▸ **DATASET EXTRACT**
■ ■ ■ ■ ■
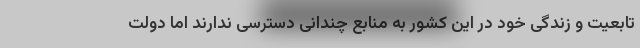
تابعیت و زندگی خود در این کشور به منابع چندانی دسترسی ندارند اما دولت
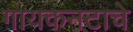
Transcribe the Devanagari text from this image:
गायकनटाचे
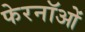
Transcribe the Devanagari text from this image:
फेरनॉओं
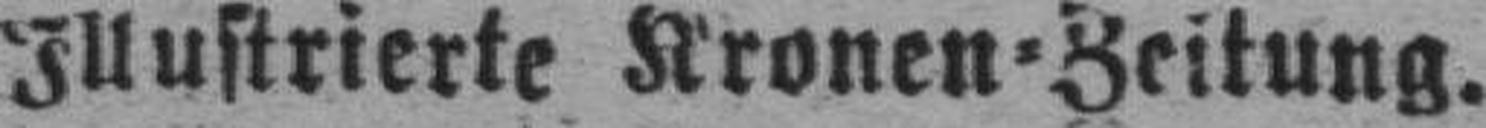
Illustrierte Kronen=Zeitung.
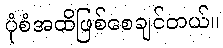
ပုံစံအထိဖြစ်စေချင်တယ်။
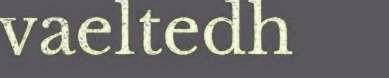
vaeltedh
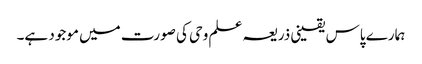
ہمارے پاس یقینی ذریعہ علم وحی کی صورت میں موجود ہے۔
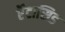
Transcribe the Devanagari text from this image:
ऍंटासिड
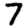
Digit: 7
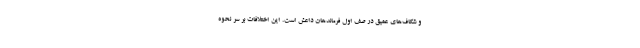
و شکاف‌های عمیق در صف اول فرماندهان داعش است. این اختلافات بر سر نحوه
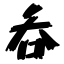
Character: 呑
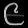
Digit: ၉
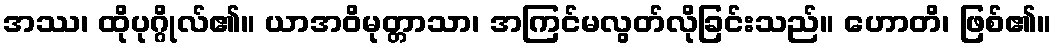
အဿ၊ ထိုပုဂ္ဂိုလ်၏။ ယာအဝိမုတ္တာသာ၊ အကြင်မလွတ်လိုခြင်းသည်။ ဟောတိ၊ ဖြစ်၏။
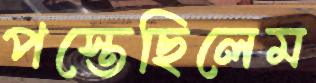
পস্তেছিলেম
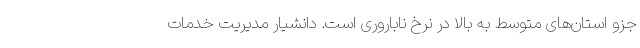
جزو استان‌های متوسط به بالا در نرخ ناباروری است. دانشیار مدیریت خدمات
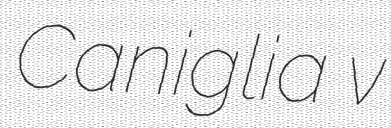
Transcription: Caniglia v
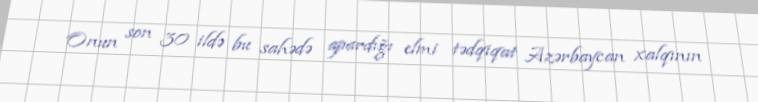
Onun son 30 ildə bu sahədə apardığı elmi tədqiqat Azərbaycan xalqının
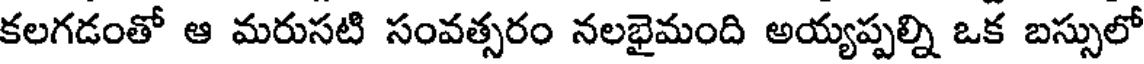
కలగడంతో ఆ మరుసటి సంవత్సరం నలభైమంది అయ్యప్పల్ని ఒక బస్సులో
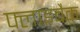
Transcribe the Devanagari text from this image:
फ्लाइबैक
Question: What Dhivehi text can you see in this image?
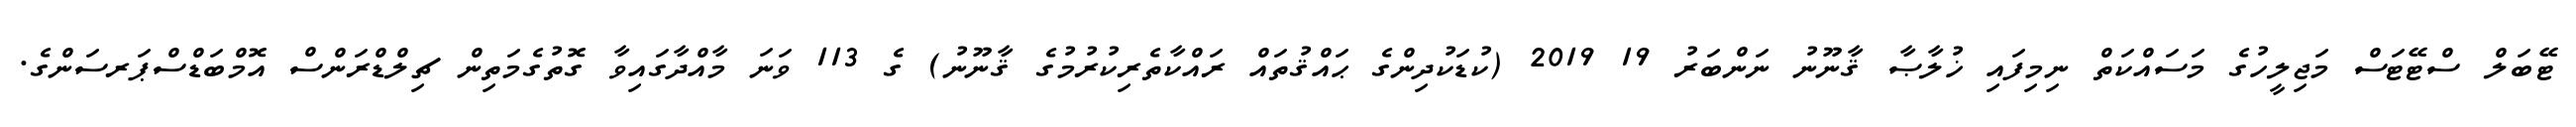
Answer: ޓޭބަލް ސްޓޭޓަސް މަޖިލީހުގެ މަސައްކަތް ނިމިފައި ޚުލާޞާ ޤާނޫނު ނަންބަރު 19 2019 (ކުޑަކުދިންގެ ޙައްޤުތައް ރައްކާތެރިކުރުމުގެ ޤާނޫނު) ގެ 113 ވަނަ މާއްދާގައިވާ ގޮތުގެމަތިން ޗިލްޑްރަންސް އޮމްބަޑްސްޕަރސަންގެ.
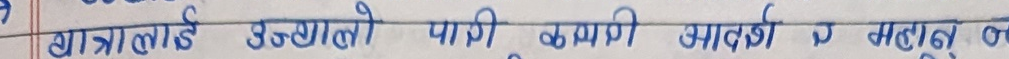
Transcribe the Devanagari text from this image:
श्रात्रालाई उज्ज्वलो पानी कमै आवकी व महत्व ल
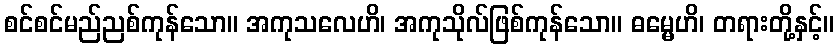
စင်စင်မည်ညစ်ကုန်သော။ အကုသလေဟိ၊ အကုသိုလ်ဖြစ်ကုန်သော။ ဓမ္မေဟိ၊ တရားတို့နှင့်။
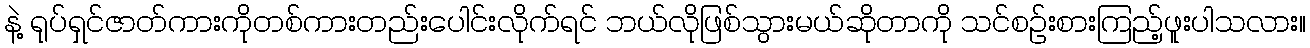
နဲ့ ရုပ်ရှင်ဇာတ်ကားကိုတစ်ကားတည်းပေါင်းလိုက်ရင် ဘယ်လိုဖြစ်သွားမယ်ဆိုတာကို သင်စဉ်းစားကြည့်ဖူးပါသလား။
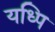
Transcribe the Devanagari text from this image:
यध्पि
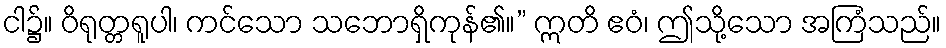
ငါ၌။ ဝိရုတ္တရူပါ၊ ကင်သော သဘောရှိကုန်၏။” ဣတိ ဧဝံ၊ ဤသို့သော အကြံသည်။
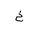
Letter: _kha
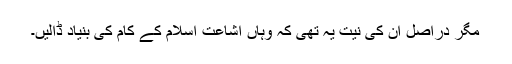
مگر دراصل ان کی نیت یہ تھی کہ وہاں اشاعت اسلام کے کام کی بنیاد ڈالیں۔
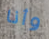
وأنا
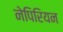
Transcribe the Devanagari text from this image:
नेपिरियन
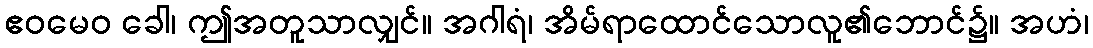
ဧဝမေဝ ခေါ၊ ဤအတူသာလျှင်။ အဂါရံ၊ အိမ်ရာထောင်သောလူ၏ဘောင်၌။ အဟံ၊
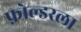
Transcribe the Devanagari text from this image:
फ़ोल्डरला
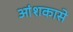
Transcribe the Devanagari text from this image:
आंशकासे
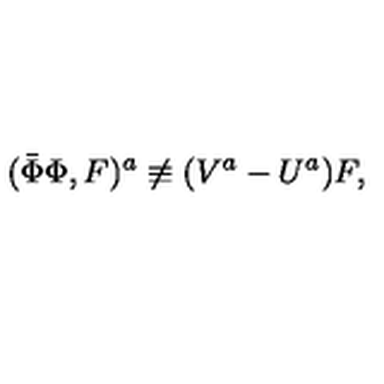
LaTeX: ( \bar { \Phi } \Phi , F ) ^ { a } \not \equiv ( V ^ { a } - U ^ { a } ) F ,
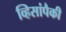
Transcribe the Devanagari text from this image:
व्हिसांपैकी
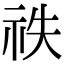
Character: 祑
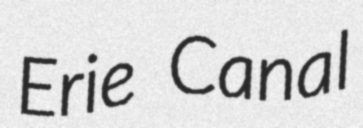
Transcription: Erie Canal
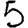
Digit: 5
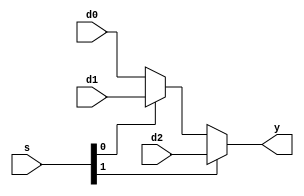
module mux_3_1 (
	input  [1:0] s,
	input  [2:0] d0, 
	input  [2:0] d1,
	input  [2:0] d2,  
	output [2:0] y
);

assign y = s [1] ? d2 : (s[0] ? d1 : d0);

endmodule
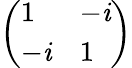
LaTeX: \left(\begin{array}{ll}{1}&{-\mathit{i}}\\ {-\mathit{i}}&{1}\end{array}\right)
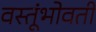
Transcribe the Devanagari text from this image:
वस्तूंभोवती
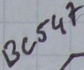
Text: BC547
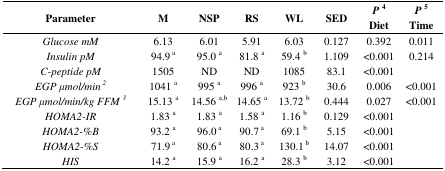
<table><thead><tr><td><b>Parameter</b></td><td><b>M</b></td><td><b>NSP</b></td><td><b>RS</b></td><td><b>WL</b></td><td><b>SED</b></td><td><b><i>P</i><sup>4</sup> Diet</b></td><td><b><i>P</i><sup>5</sup> Time</b></td></tr></thead><tbody><tr><td><i>Glucose mM</i></td><td>6.13</td><td>6.01</td><td>5.91</td><td>6.03</td><td>0.127</td><td>0.392</td><td>0.011</td></tr><tr><td><i>Insulin pM</i></td><td>94.9<sup> a</sup></td><td>95.0 <sup>a</sup></td><td>81.8 <sup>a</sup></td><td>59.4 <sup>b</sup></td><td>1.109</td><td>&lt;0.001</td><td>0.214</td></tr><tr><td><i>C-peptide pM</i></td><td>1505</td><td>ND</td><td>ND</td><td>1085</td><td>83.1</td><td>&lt;0.001</td><td></td></tr><tr><td><i>EGP μmol/min<sup> 2</sup></i></td><td>1041 <sup>a</sup></td><td>995 <sup>a</sup></td><td>996 <sup>a</sup></td><td>923 <sup>b</sup></td><td>30.6</td><td>0.006</td><td>&lt;0.001</td></tr><tr><td><i>EGP</i><i>μmol/min/kg FFM <sup>3</sup></i></td><td>15.13 <sup>a</sup></td><td>14.56 <sup>a,b</sup></td><td>14.65 <sup>a</sup></td><td>13.72 <sup>b</sup></td><td>0.444</td><td>0.027</td><td>&lt;0.001</td></tr><tr><td><i>HOMA2-IR</i></td><td>1.83 <sup>a</sup></td><td>1.83 <sup>a</sup></td><td>1.58 <sup>a</sup></td><td>1.16 <sup>b</sup></td><td>0.129</td><td>&lt;0.001</td><td></td></tr><tr><td><i>HOMA2-%B</i></td><td>93.2 <sup>a</sup></td><td>96.0<sup> a</sup></td><td>90.7<sup> a</sup></td><td>69.1 <sup>b</sup></td><td>5.15</td><td>&lt;0.001</td><td></td></tr><tr><td><i>HOMA2-%S</i></td><td>71.9<sup> a</sup></td><td>80.6<sup> a</sup></td><td>80.3<sup> a</sup></td><td>130.1<sup> b</sup></td><td>14.07</td><td>&lt;0.001</td><td></td></tr><tr><td><i>HIS</i></td><td>14.2 <sup>a</sup></td><td>15.9 <sup>a</sup></td><td>16.2 <sup>a</sup></td><td>28.3 <sup>b</sup></td><td>3.12</td><td>&lt;0.001</td><td></td></tr></tbody></table>
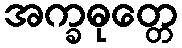
အက္ခဓုတ္တေ
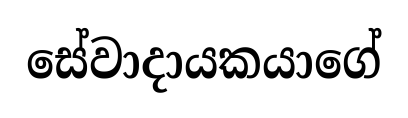
සේවාදායකයාගේ
■ ■ ■ ■ ■
▸ **TASK TO COMPLETE**
After locating the line containing "Character: 祑" in the entries above, repeat only it and each later line through the end, exactly, without any pictures.

▸ **RESPONSE**
Character: 祑
Transcription: Erie Canal
Digit: 5
module mux_3_1 (
	input  [1:0] s,
	input  [2:0] d0, 
	input  [2:0] d1,
	input  [2:0] d2,  
	output [2:0] y
);

assign y = s [1] ? d2 : (s[0] ? d1 : d0);

endmodule
LaTeX: \left(\begin{array}{ll}{1}&{-\mathit{i}}\\ {-\mathit{i}}&{1}\end{array}\right)
Transcribe the Devanagari text from this image:
वस्तूंभोवती
Text: BC547
<table><thead><tr><td><b>Parameter</b></td><td><b>M</b></td><td><b>NSP</b></td><td><b>RS</b></td><td><b>WL</b></td><td><b>SED</b></td><td><b><i>P</i><sup>4</sup> Diet</b></td><td><b><i>P</i><sup>5</sup> Time</b></td></tr></thead><tbody><tr><td><i>Glucose mM</i></td><td>6.13</td><td>6.01</td><td>5.91</td><td>6.03</td><td>0.127</td><td>0.392</td><td>0.011</td></tr><tr><td><i>Insulin pM</i></td><td>94.9<sup> a</sup></td><td>95.0 <sup>a</sup></td><td>81.8 <sup>a</sup></td><td>59.4 <sup>b</sup></td><td>1.109</td><td>&lt;0.001</td><td>0.214</td></tr><tr><td><i>C-peptide pM</i></td><td>1505</td><td>ND</td><td>ND</td><td>1085</td><td>83.1</td><td>&lt;0.001</td><td></td></tr><tr><td><i>EGP μmol/min<sup> 2</sup></i></td><td>1041 <sup>a</sup></td><td>995 <sup>a</sup></td><td>996 <sup>a</sup></td><td>923 <sup>b</sup></td><td>30.6</td><td>0.006</td><td>&lt;0.001</td></tr><tr><td><i>EGP</i><i>μmol/min/kg FFM <sup>3</sup></i></td><td>15.13 <sup>a</sup></td><td>14.56 <sup>a,b</sup></td><td>14.65 <sup>a</sup></td><td>13.72 <sup>b</sup></td><td>0.444</td><td>0.027</td><td>&lt;0.001</td></tr><tr><td><i>HOMA2-IR</i></td><td>1.83 <sup>a</sup></td><td>1.83 <sup>a</sup></td><td>1.58 <sup>a</sup></td><td>1.16 <sup>b</sup></td><td>0.129</td><td>&lt;0.001</td><td></td></tr><tr><td><i>HOMA2-%B</i></td><td>93.2 <sup>a</sup></td><td>96.0<sup> a</sup></td><td>90.7<sup> a</sup></td><td>69.1 <sup>b</sup></td><td>5.15</td><td>&lt;0.001</td><td></td></tr><tr><td><i>HOMA2-%S</i></td><td>71.9<sup> a</sup></td><td>80.6<sup> a</sup></td><td>80.3<sup> a</sup></td><td>130.1<sup> b</sup></td><td>14.07</td><td>&lt;0.001</td><td></td></tr><tr><td><i>HIS</i></td><td>14.2 <sup>a</sup></td><td>15.9 <sup>a</sup></td><td>16.2 <sup>a</sup></td><td>28.3 <sup>b</sup></td><td>3.12</td><td>&lt;0.001</td><td></td></tr></tbody></table>
အက္ခဓုတ္တေ
සේවාදායකයාගේ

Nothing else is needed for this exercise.